While NRG1 is already being tested as a treatment for heart failure, its administration through intravenous injections limits its efficacy and applicability. Additionally, NRG1 is a non-selective agonist of the ERBB3 receptor, which can increase the risk of carcinogenic effects. Therefore, my goal is to develop a selective ERBB4 small-molecule agonist that can provide cardioprotective benefits for chronic heart failure patients. I am eager to use my expertise in the field to optimize this therapy and help make a positive impact on the lives of those affected by this debilitating condition.
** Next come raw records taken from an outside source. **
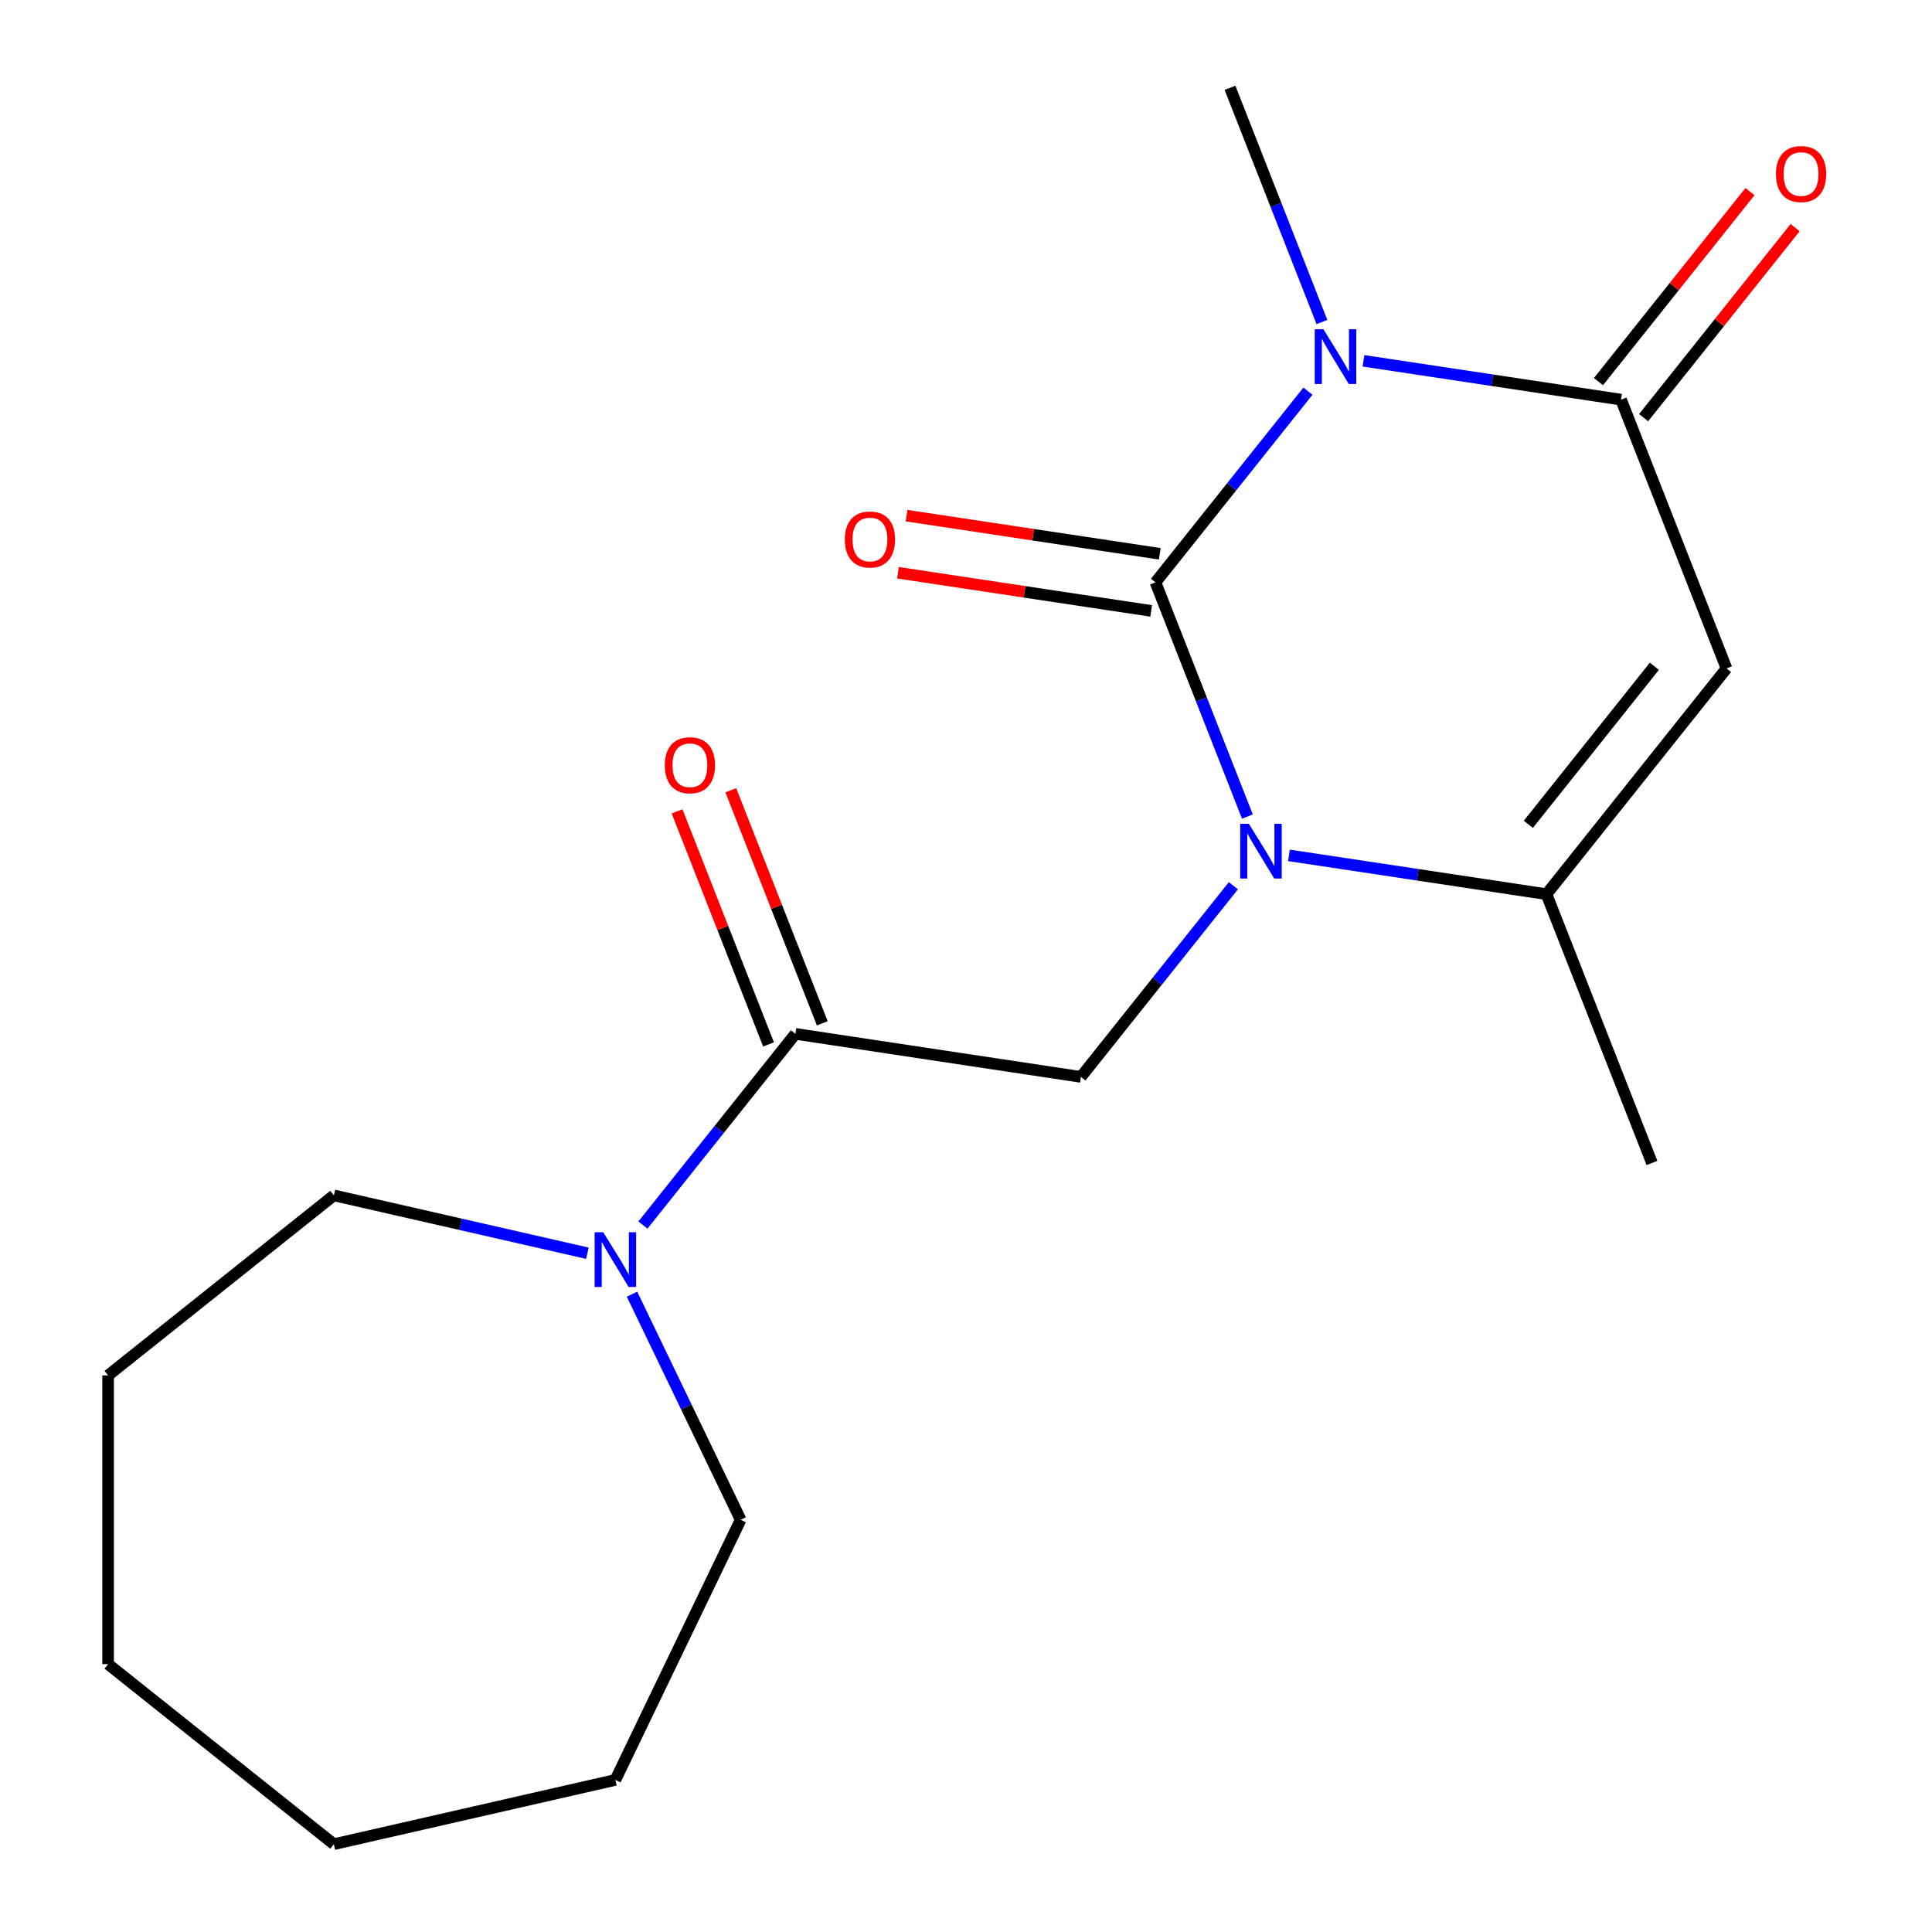 <?xml version='1.0' encoding='iso-8859-1'?>
<svg version='1.1' baseProfile='full'
              xmlns='http://www.w3.org/2000/svg'
                      xmlns:rdkit='http://www.rdkit.org/xml'
                      xmlns:xlink='http://www.w3.org/1999/xlink'
                  xml:space='preserve'
width='1000px' height='1000px' viewBox='0 0 1000 1000'>
<!-- END OF HEADER -->
<rect style='opacity:1.0;fill:#FFFFFF;stroke:none' width='1000' height='1000' x='0' y='0'> </rect>
<path class='bond-0' d='M 598.069,301.429 L 637.525,251.952' style='fill:none;fill-rule:evenodd;stroke:#000000;stroke-width:6px;stroke-linecap:butt;stroke-linejoin:miter;stroke-opacity:1' />
<path class='bond-0' d='M 637.525,251.952 L 676.981,202.476' style='fill:none;fill-rule:evenodd;stroke:#0000FF;stroke-width:6px;stroke-linecap:butt;stroke-linejoin:miter;stroke-opacity:1' />
<path class='bond-1' d='M 598.069,301.429 L 621.858,362.043' style='fill:none;fill-rule:evenodd;stroke:#000000;stroke-width:6px;stroke-linecap:butt;stroke-linejoin:miter;stroke-opacity:1' />
<path class='bond-1' d='M 621.858,362.043 L 645.648,422.657' style='fill:none;fill-rule:evenodd;stroke:#0000FF;stroke-width:6px;stroke-linecap:butt;stroke-linejoin:miter;stroke-opacity:1' />
<path class='bond-8' d='M 600.296,286.65 L 534.771,276.774' style='fill:none;fill-rule:evenodd;stroke:#000000;stroke-width:6px;stroke-linecap:butt;stroke-linejoin:miter;stroke-opacity:1' />
<path class='bond-8' d='M 534.771,276.774 L 469.246,266.898' style='fill:none;fill-rule:evenodd;stroke:#FF0000;stroke-width:6px;stroke-linecap:butt;stroke-linejoin:miter;stroke-opacity:1' />
<path class='bond-8' d='M 595.841,316.208 L 530.316,306.331' style='fill:none;fill-rule:evenodd;stroke:#000000;stroke-width:6px;stroke-linecap:butt;stroke-linejoin:miter;stroke-opacity:1' />
<path class='bond-8' d='M 530.316,306.331 L 464.791,296.455' style='fill:none;fill-rule:evenodd;stroke:#FF0000;stroke-width:6px;stroke-linecap:butt;stroke-linejoin:miter;stroke-opacity:1' />
<path class='bond-2' d='M 705.73,186.761 L 772.385,196.808' style='fill:none;fill-rule:evenodd;stroke:#0000FF;stroke-width:6px;stroke-linecap:butt;stroke-linejoin:miter;stroke-opacity:1' />
<path class='bond-2' d='M 772.385,196.808 L 839.04,206.855' style='fill:none;fill-rule:evenodd;stroke:#000000;stroke-width:6px;stroke-linecap:butt;stroke-linejoin:miter;stroke-opacity:1' />
<path class='bond-11' d='M 684.23,166.683 L 660.44,106.069' style='fill:none;fill-rule:evenodd;stroke:#0000FF;stroke-width:6px;stroke-linecap:butt;stroke-linejoin:miter;stroke-opacity:1' />
<path class='bond-11' d='M 660.44,106.069 L 636.651,45.455' style='fill:none;fill-rule:evenodd;stroke:#000000;stroke-width:6px;stroke-linecap:butt;stroke-linejoin:miter;stroke-opacity:1' />
<path class='bond-4' d='M 667.148,442.736 L 733.803,452.782' style='fill:none;fill-rule:evenodd;stroke:#0000FF;stroke-width:6px;stroke-linecap:butt;stroke-linejoin:miter;stroke-opacity:1' />
<path class='bond-4' d='M 733.803,452.782 L 800.458,462.829' style='fill:none;fill-rule:evenodd;stroke:#000000;stroke-width:6px;stroke-linecap:butt;stroke-linejoin:miter;stroke-opacity:1' />
<path class='bond-5' d='M 638.4,458.45 L 598.943,507.927' style='fill:none;fill-rule:evenodd;stroke:#0000FF;stroke-width:6px;stroke-linecap:butt;stroke-linejoin:miter;stroke-opacity:1' />
<path class='bond-5' d='M 598.943,507.927 L 559.487,557.403' style='fill:none;fill-rule:evenodd;stroke:#000000;stroke-width:6px;stroke-linecap:butt;stroke-linejoin:miter;stroke-opacity:1' />
<path class='bond-9' d='M 850.725,216.173 L 889.942,166.997' style='fill:none;fill-rule:evenodd;stroke:#000000;stroke-width:6px;stroke-linecap:butt;stroke-linejoin:miter;stroke-opacity:1' />
<path class='bond-9' d='M 889.942,166.997 L 929.159,117.82' style='fill:none;fill-rule:evenodd;stroke:#FF0000;stroke-width:6px;stroke-linecap:butt;stroke-linejoin:miter;stroke-opacity:1' />
<path class='bond-9' d='M 827.355,197.536 L 866.572,148.36' style='fill:none;fill-rule:evenodd;stroke:#000000;stroke-width:6px;stroke-linecap:butt;stroke-linejoin:miter;stroke-opacity:1' />
<path class='bond-9' d='M 866.572,148.36 L 905.789,99.183' style='fill:none;fill-rule:evenodd;stroke:#FF0000;stroke-width:6px;stroke-linecap:butt;stroke-linejoin:miter;stroke-opacity:1' />
<path class='bond-19' d='M 839.04,206.855 L 893.643,345.98' style='fill:none;fill-rule:evenodd;stroke:#000000;stroke-width:6px;stroke-linecap:butt;stroke-linejoin:miter;stroke-opacity:1' />
<path class='bond-3' d='M 893.643,345.98 L 800.458,462.829' style='fill:none;fill-rule:evenodd;stroke:#000000;stroke-width:6px;stroke-linecap:butt;stroke-linejoin:miter;stroke-opacity:1' />
<path class='bond-3' d='M 856.295,344.87 L 791.066,426.665' style='fill:none;fill-rule:evenodd;stroke:#000000;stroke-width:6px;stroke-linecap:butt;stroke-linejoin:miter;stroke-opacity:1' />
<path class='bond-12' d='M 800.458,462.829 L 855.061,601.954' style='fill:none;fill-rule:evenodd;stroke:#000000;stroke-width:6px;stroke-linecap:butt;stroke-linejoin:miter;stroke-opacity:1' />
<path class='bond-6' d='M 559.487,557.403 L 411.7,535.128' style='fill:none;fill-rule:evenodd;stroke:#000000;stroke-width:6px;stroke-linecap:butt;stroke-linejoin:miter;stroke-opacity:1' />
<path class='bond-7' d='M 411.7,535.128 L 372.244,584.605' style='fill:none;fill-rule:evenodd;stroke:#000000;stroke-width:6px;stroke-linecap:butt;stroke-linejoin:miter;stroke-opacity:1' />
<path class='bond-7' d='M 372.244,584.605 L 332.788,634.081' style='fill:none;fill-rule:evenodd;stroke:#0000FF;stroke-width:6px;stroke-linecap:butt;stroke-linejoin:miter;stroke-opacity:1' />
<path class='bond-10' d='M 425.613,529.668 L 401.941,469.354' style='fill:none;fill-rule:evenodd;stroke:#000000;stroke-width:6px;stroke-linecap:butt;stroke-linejoin:miter;stroke-opacity:1' />
<path class='bond-10' d='M 401.941,469.354 L 378.269,409.039' style='fill:none;fill-rule:evenodd;stroke:#FF0000;stroke-width:6px;stroke-linecap:butt;stroke-linejoin:miter;stroke-opacity:1' />
<path class='bond-10' d='M 397.788,540.588 L 374.116,480.274' style='fill:none;fill-rule:evenodd;stroke:#000000;stroke-width:6px;stroke-linecap:butt;stroke-linejoin:miter;stroke-opacity:1' />
<path class='bond-10' d='M 374.116,480.274 L 350.444,419.96' style='fill:none;fill-rule:evenodd;stroke:#FF0000;stroke-width:6px;stroke-linecap:butt;stroke-linejoin:miter;stroke-opacity:1' />
<path class='bond-13' d='M 327.134,669.874 L 355.248,728.253' style='fill:none;fill-rule:evenodd;stroke:#0000FF;stroke-width:6px;stroke-linecap:butt;stroke-linejoin:miter;stroke-opacity:1' />
<path class='bond-13' d='M 355.248,728.253 L 383.362,786.633' style='fill:none;fill-rule:evenodd;stroke:#000000;stroke-width:6px;stroke-linecap:butt;stroke-linejoin:miter;stroke-opacity:1' />
<path class='bond-14' d='M 304.039,648.673 L 238.423,633.697' style='fill:none;fill-rule:evenodd;stroke:#0000FF;stroke-width:6px;stroke-linecap:butt;stroke-linejoin:miter;stroke-opacity:1' />
<path class='bond-14' d='M 238.423,633.697 L 172.807,618.72' style='fill:none;fill-rule:evenodd;stroke:#000000;stroke-width:6px;stroke-linecap:butt;stroke-linejoin:miter;stroke-opacity:1' />
<path class='bond-16' d='M 383.362,786.633 L 318.516,921.288' style='fill:none;fill-rule:evenodd;stroke:#000000;stroke-width:6px;stroke-linecap:butt;stroke-linejoin:miter;stroke-opacity:1' />
<path class='bond-15' d='M 172.807,618.72 L 55.957,711.905' style='fill:none;fill-rule:evenodd;stroke:#000000;stroke-width:6px;stroke-linecap:butt;stroke-linejoin:miter;stroke-opacity:1' />
<path class='bond-18' d='M 55.957,711.905 L 55.957,861.361' style='fill:none;fill-rule:evenodd;stroke:#000000;stroke-width:6px;stroke-linecap:butt;stroke-linejoin:miter;stroke-opacity:1' />
<path class='bond-17' d='M 318.516,921.288 L 172.807,954.545' style='fill:none;fill-rule:evenodd;stroke:#000000;stroke-width:6px;stroke-linecap:butt;stroke-linejoin:miter;stroke-opacity:1' />
<path class='bond-20' d='M 172.807,954.545 L 55.957,861.361' style='fill:none;fill-rule:evenodd;stroke:#000000;stroke-width:6px;stroke-linecap:butt;stroke-linejoin:miter;stroke-opacity:1' />
<path  class='atom-1' d='M 684.993 170.419
L 694.273 185.419
Q 695.193 186.899, 696.673 189.579
Q 698.153 192.259, 698.233 192.419
L 698.233 170.419
L 701.993 170.419
L 701.993 198.739
L 698.113 198.739
L 688.153 182.339
Q 686.993 180.419, 685.753 178.219
Q 684.553 176.019, 684.193 175.339
L 684.193 198.739
L 680.513 198.739
L 680.513 170.419
L 684.993 170.419
' fill='#0000FF'/>
<path  class='atom-2' d='M 646.411 426.394
L 655.691 441.394
Q 656.611 442.874, 658.091 445.554
Q 659.571 448.234, 659.651 448.394
L 659.651 426.394
L 663.411 426.394
L 663.411 454.714
L 659.531 454.714
L 649.571 438.314
Q 648.411 436.394, 647.171 434.194
Q 645.971 431.994, 645.611 431.314
L 645.611 454.714
L 641.931 454.714
L 641.931 426.394
L 646.411 426.394
' fill='#0000FF'/>
<path  class='atom-8' d='M 312.256 637.818
L 321.536 652.818
Q 322.456 654.298, 323.936 656.978
Q 325.416 659.658, 325.496 659.818
L 325.496 637.818
L 329.256 637.818
L 329.256 666.138
L 325.376 666.138
L 315.416 649.738
Q 314.256 647.818, 313.016 645.618
Q 311.816 643.418, 311.456 642.738
L 311.456 666.138
L 307.776 666.138
L 307.776 637.818
L 312.256 637.818
' fill='#0000FF'/>
<path  class='atom-9' d='M 437.282 279.234
Q 437.282 272.434, 440.642 268.634
Q 444.002 264.834, 450.282 264.834
Q 456.562 264.834, 459.922 268.634
Q 463.282 272.434, 463.282 279.234
Q 463.282 286.114, 459.882 290.034
Q 456.482 293.914, 450.282 293.914
Q 444.042 293.914, 440.642 290.034
Q 437.282 286.154, 437.282 279.234
M 450.282 290.714
Q 454.602 290.714, 456.922 287.834
Q 459.282 284.914, 459.282 279.234
Q 459.282 273.674, 456.922 270.874
Q 454.602 268.034, 450.282 268.034
Q 445.962 268.034, 443.602 270.834
Q 441.282 273.634, 441.282 279.234
Q 441.282 284.954, 443.602 287.834
Q 445.962 290.714, 450.282 290.714
' fill='#FF0000'/>
<path  class='atom-10' d='M 919.225 90.085
Q 919.225 83.285, 922.585 79.485
Q 925.945 75.685, 932.225 75.685
Q 938.505 75.685, 941.865 79.485
Q 945.225 83.285, 945.225 90.085
Q 945.225 96.965, 941.825 100.885
Q 938.425 104.765, 932.225 104.765
Q 925.985 104.765, 922.585 100.885
Q 919.225 97.005, 919.225 90.085
M 932.225 101.565
Q 936.545 101.565, 938.865 98.685
Q 941.225 95.765, 941.225 90.085
Q 941.225 84.525, 938.865 81.725
Q 936.545 78.885, 932.225 78.885
Q 927.905 78.885, 925.545 81.685
Q 923.225 84.485, 923.225 90.085
Q 923.225 95.805, 925.545 98.685
Q 927.905 101.565, 932.225 101.565
' fill='#FF0000'/>
<path  class='atom-11' d='M 344.098 396.083
Q 344.098 389.283, 347.458 385.483
Q 350.818 381.683, 357.098 381.683
Q 363.378 381.683, 366.738 385.483
Q 370.098 389.283, 370.098 396.083
Q 370.098 402.963, 366.698 406.883
Q 363.298 410.763, 357.098 410.763
Q 350.858 410.763, 347.458 406.883
Q 344.098 403.003, 344.098 396.083
M 357.098 407.563
Q 361.418 407.563, 363.738 404.683
Q 366.098 401.763, 366.098 396.083
Q 366.098 390.523, 363.738 387.723
Q 361.418 384.883, 357.098 384.883
Q 352.778 384.883, 350.418 387.683
Q 348.098 390.483, 348.098 396.083
Q 348.098 401.803, 350.418 404.683
Q 352.778 407.563, 357.098 407.563
' fill='#FF0000'/>
</svg>

Hi there! I’m Rani Robeyns and I’m on a mission to unravel the mysteries of autophagy – you know, that fancy process that helps keep our cells healthy and happy. I started my PhD at the Toxicological Centre in 2021, under the supervision of Professors Alexander van Nuijs and Sigrid Stroobants. I am using an untargeted metabolomics LC-HRMS approach to better understand the molecular mechanisms underlying autophagy induction. This complex process has considerable potential as a therapeutic approach in cardiovascular disease and different types of neurodegenerative disease. I’m a firm believer that science can make a real difference in people’s lives, and I’m excited to be part of the team that is making it happen!
Siel Van den Bogaert
I’m Siel Van den Bogaert a PhD student and teaching assistant in the Laboratory of Physiopharmacology, under supervision of Professors Gilles De Keulenaer and Vincent Segers. Millions of people suffer from myocardial infarctions, resulting in the loss of billions of cardiomyocytes. This may lead to the development of heart failure. The proliferation capacity of cardiomyocytes in adults is limited, resulting in a limited self-healing capacity of the human heart. The loss of cardiomyocytes and the resulting loss of function are irreversible. Effective cardiac regeneration strategies could prevent this loss of cardiomyocytes and thus heart failure in the affected patients. Neonatal mice in the first week of life can regenerate their hearts after injury by myocardial infarction, and this process is mediated by proliferation of preexisting cardiomyocytes. I am investigating other factors that could target these cardiac regenerative properties. The aim of my research is to reveal the science behind a myocardial infarction and to improve the therapy for these patients.